Start of Block

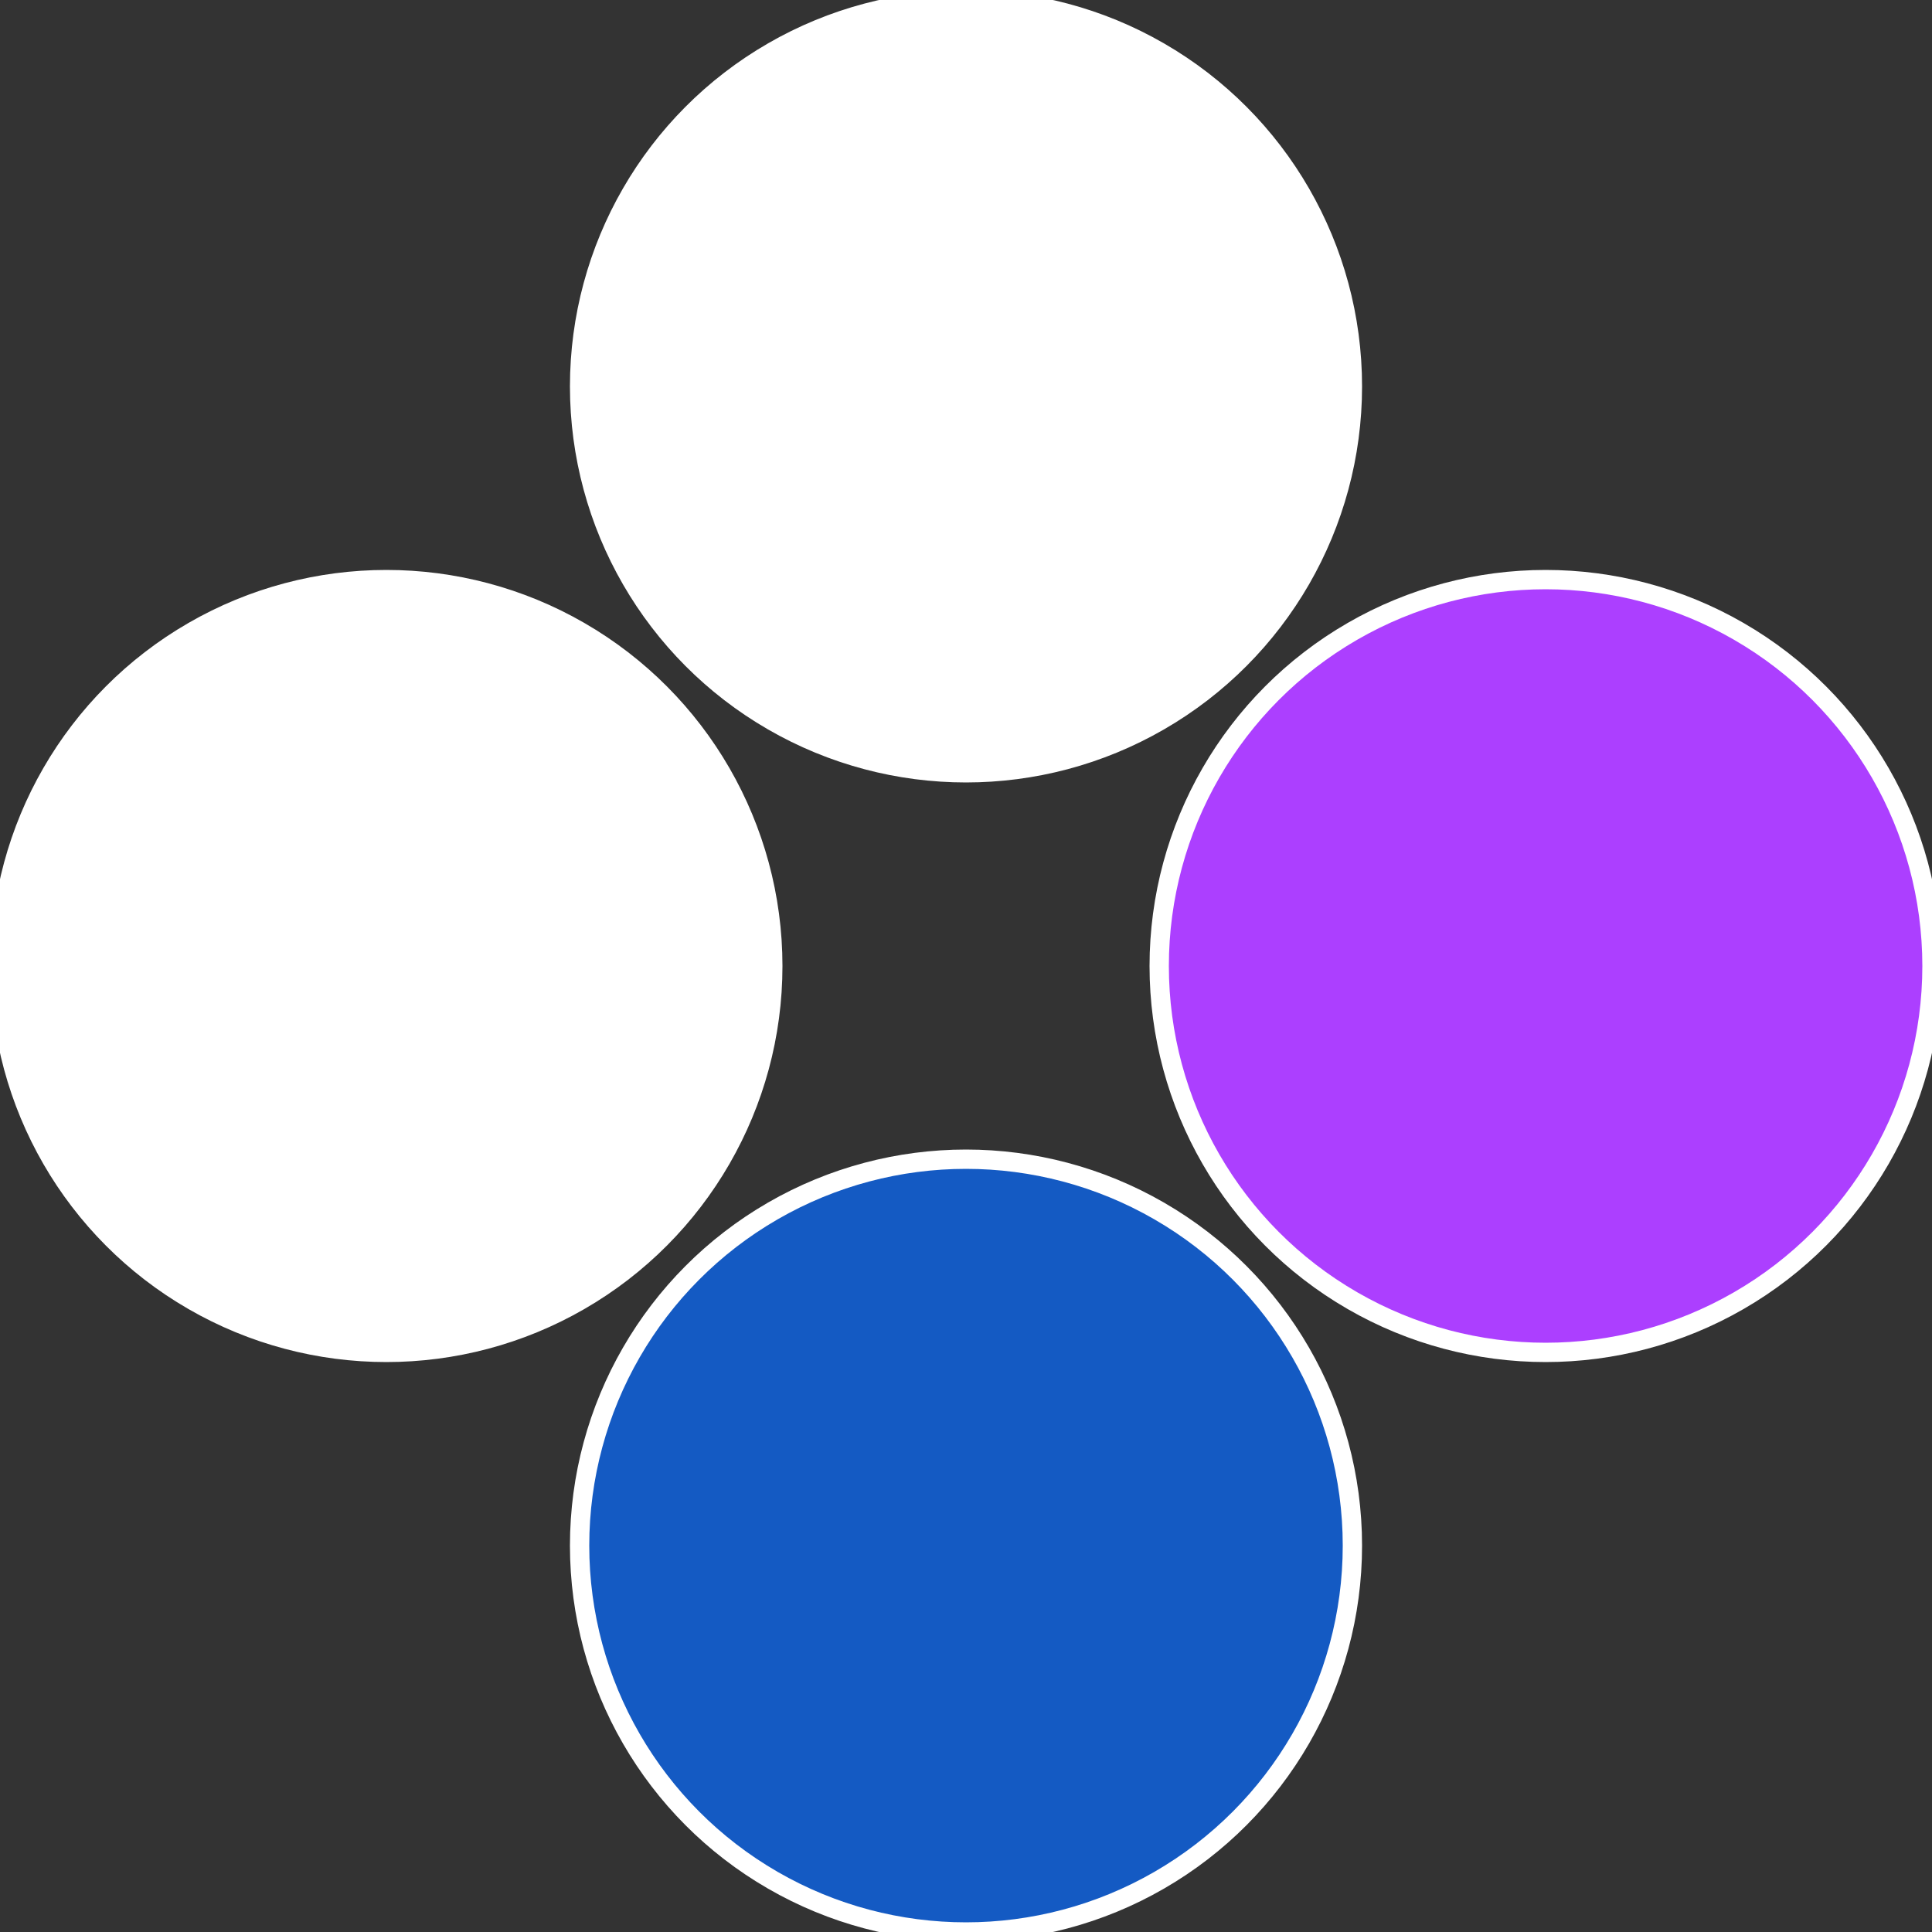 <?xml version="1.0" standalone="no"?>
<svg width="500" height="500" viewBox="-1 -1 2 2" xmlns="http://www.w3.org/2000/svg">
 
                <rect x="-1" y="-1" width="2" height="2" fill="#333333" stroke="none"/>
 
                <circle cx="0.6" cy="0" r="0.4" fill="#ac3ffffffffffffffeafffffffffffff66c" stroke="#fff" stroke-width="1%" />
             
                <circle cx="3.6739403974421E-17" cy="0.6" r="0.4" fill="#145ac3fffffffffffff66c" stroke="#fff" stroke-width="1%" />
             
                <circle cx="-0.6" cy="7.3478807948841E-17" r="0.4" fill="#fffffffffffff66c145ac3" stroke="#fff" stroke-width="1%" />
             
                <circle cx="-1.1021821192326E-16" cy="-0.6" r="0.4" fill="#ffffffffffffffeafffffffffffff66cac3" stroke="#fff" stroke-width="1%" />
            </svg>
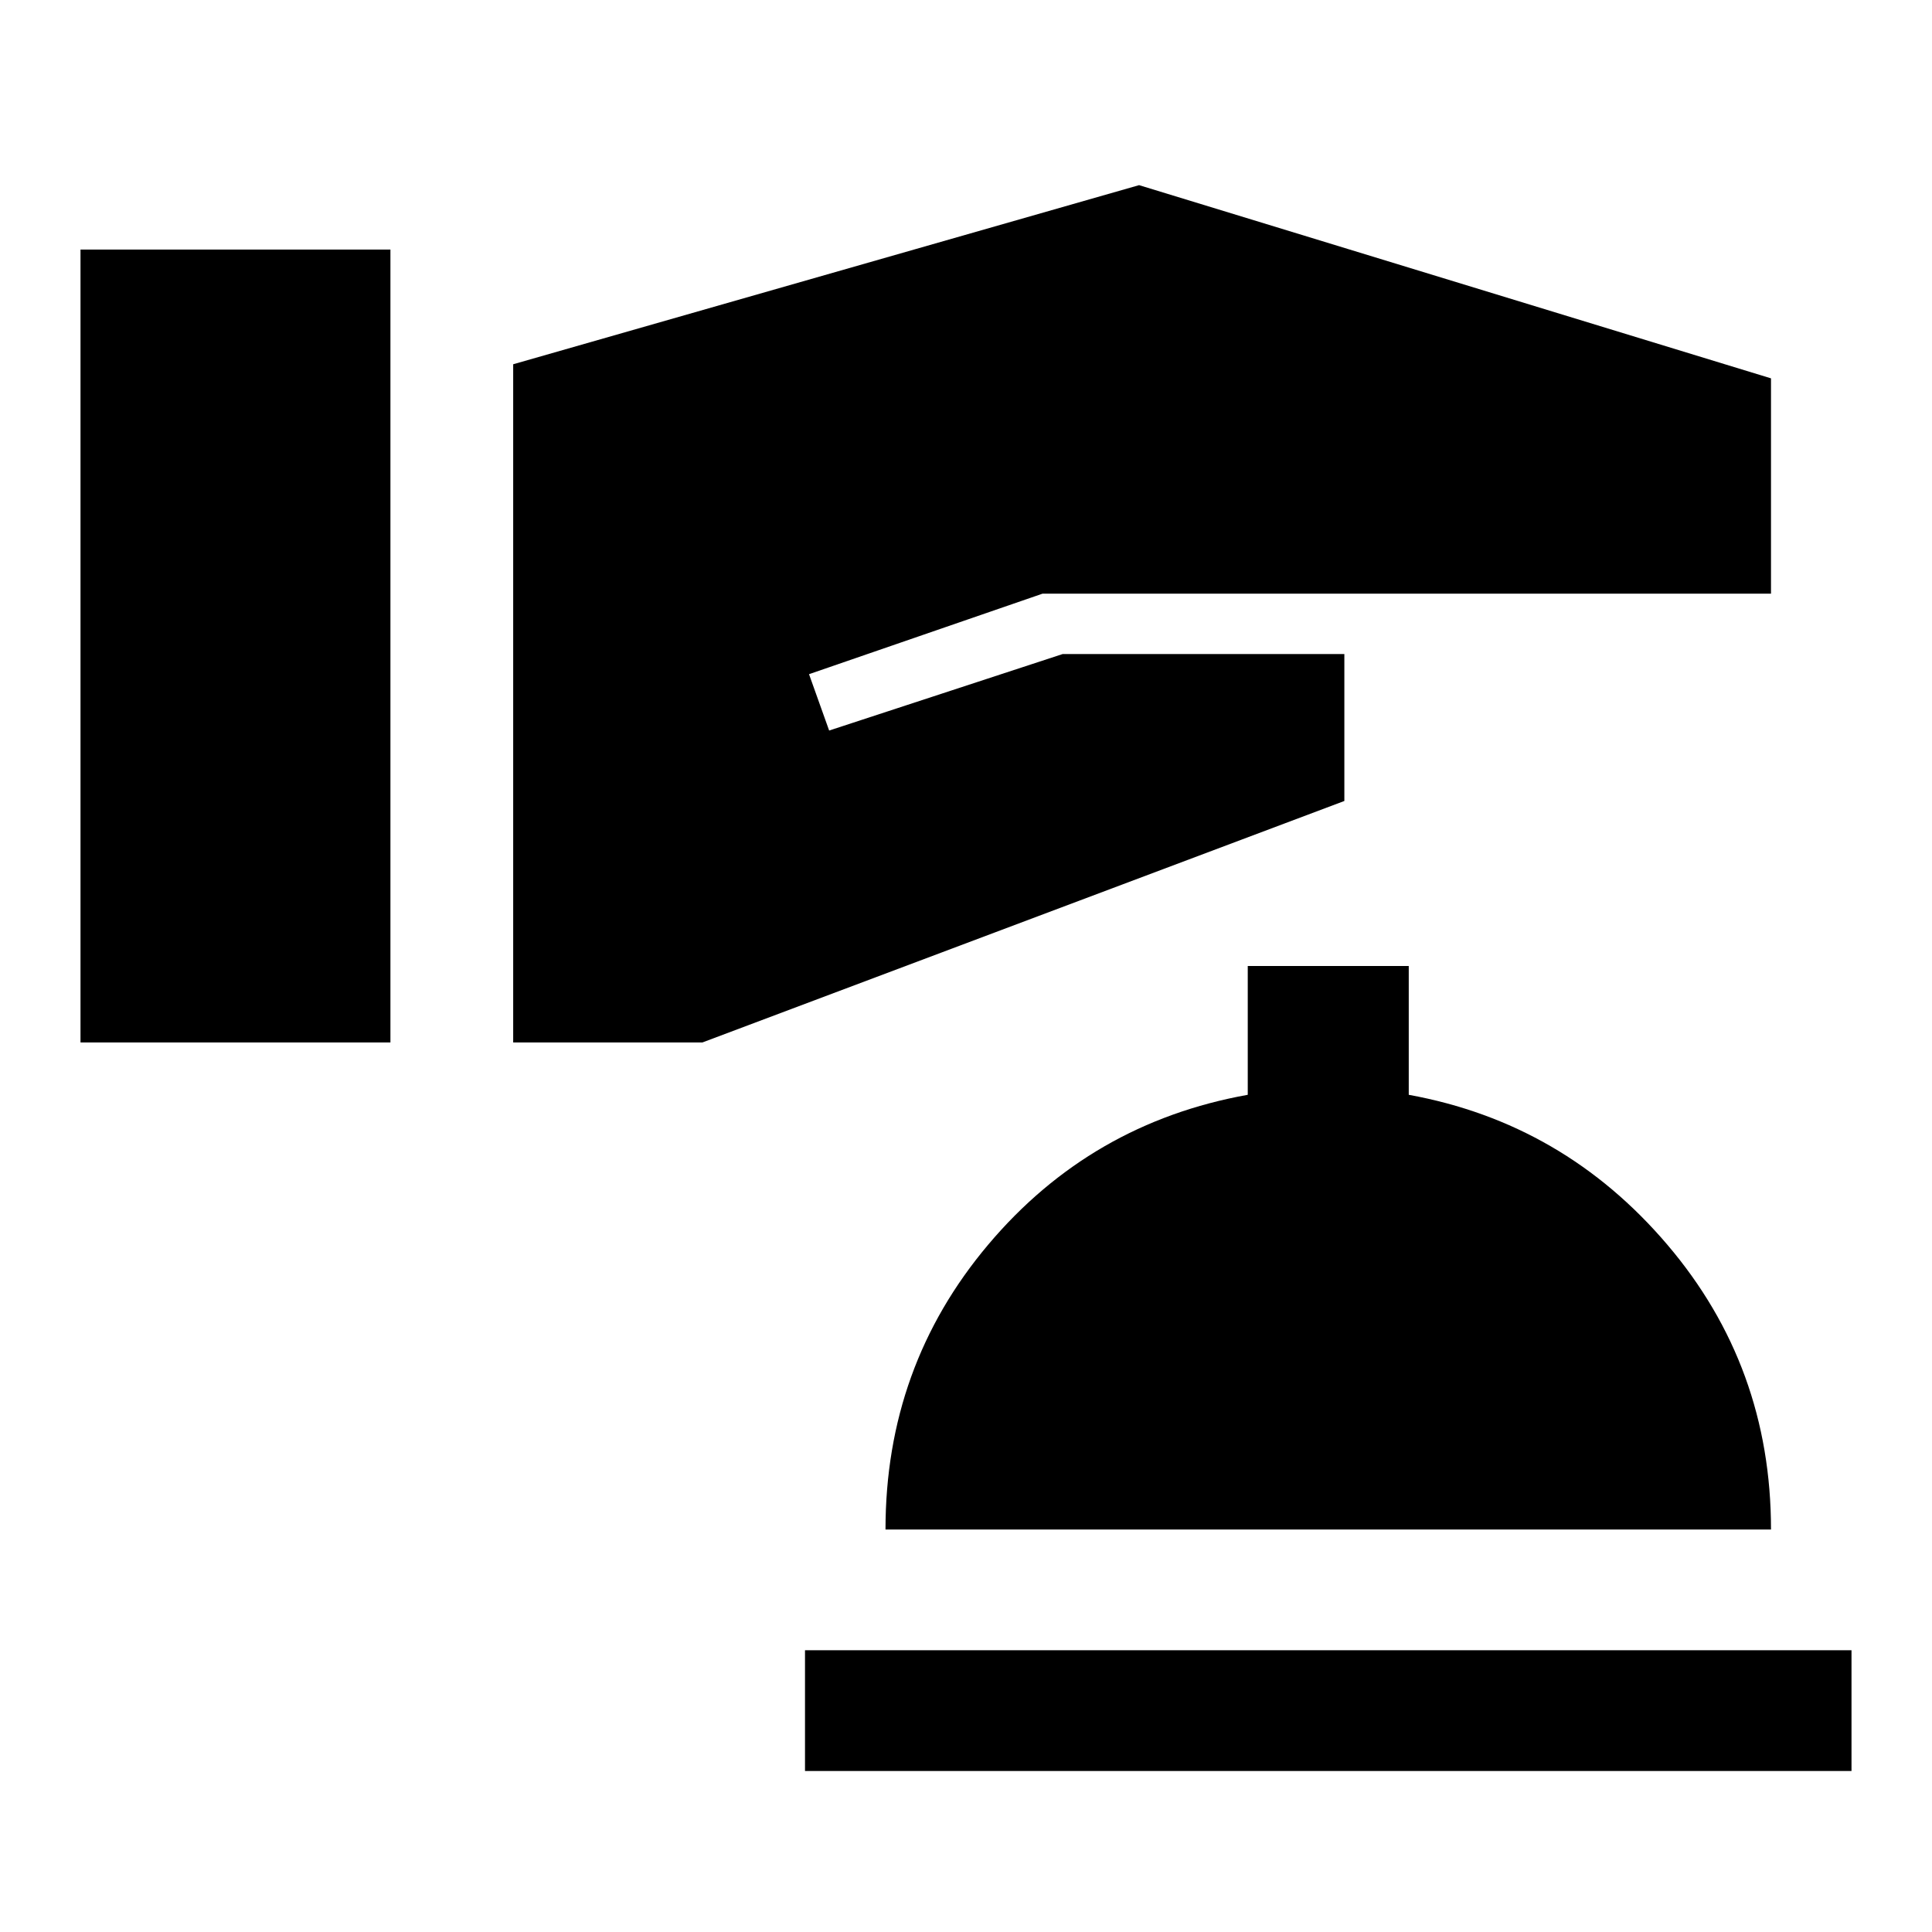 <svg xmlns="http://www.w3.org/2000/svg" width="48" height="48" viewBox="0 -960 960 960"><path d="M40-442h154v-394H40v394Zm215 0h94l319-120v-73H528l-116 38-10-28 116-40h362v-107l-314-96-311 89v337ZM400-80h520v-60H400v60Zm40-120h440q0-81-51.5-141.5T700-416v-64h-80v64q-78 14-129 74.5T440-200Z"/></svg>

End of Block

| WHAT THIS TASK INVOLVES |
Identify the lines above that contain the word "circle", then copy them.

| RESPONSE AREA |
                <circle cx="0.6" cy="0" r="0.4" fill="#ac3ffffffffffffffeafffffffffffff66c" stroke="#fff" stroke-width="1%" />
                <circle cx="3.6739403974421E-17" cy="0.6" r="0.4" fill="#145ac3fffffffffffff66c" stroke="#fff" stroke-width="1%" />
                <circle cx="-0.6" cy="7.3478807948841E-17" r="0.4" fill="#fffffffffffff66c145ac3" stroke="#fff" stroke-width="1%" />
                <circle cx="-1.1021821192326E-16" cy="-0.6" r="0.4" fill="#ffffffffffffffeafffffffffffff66cac3" stroke="#fff" stroke-width="1%" />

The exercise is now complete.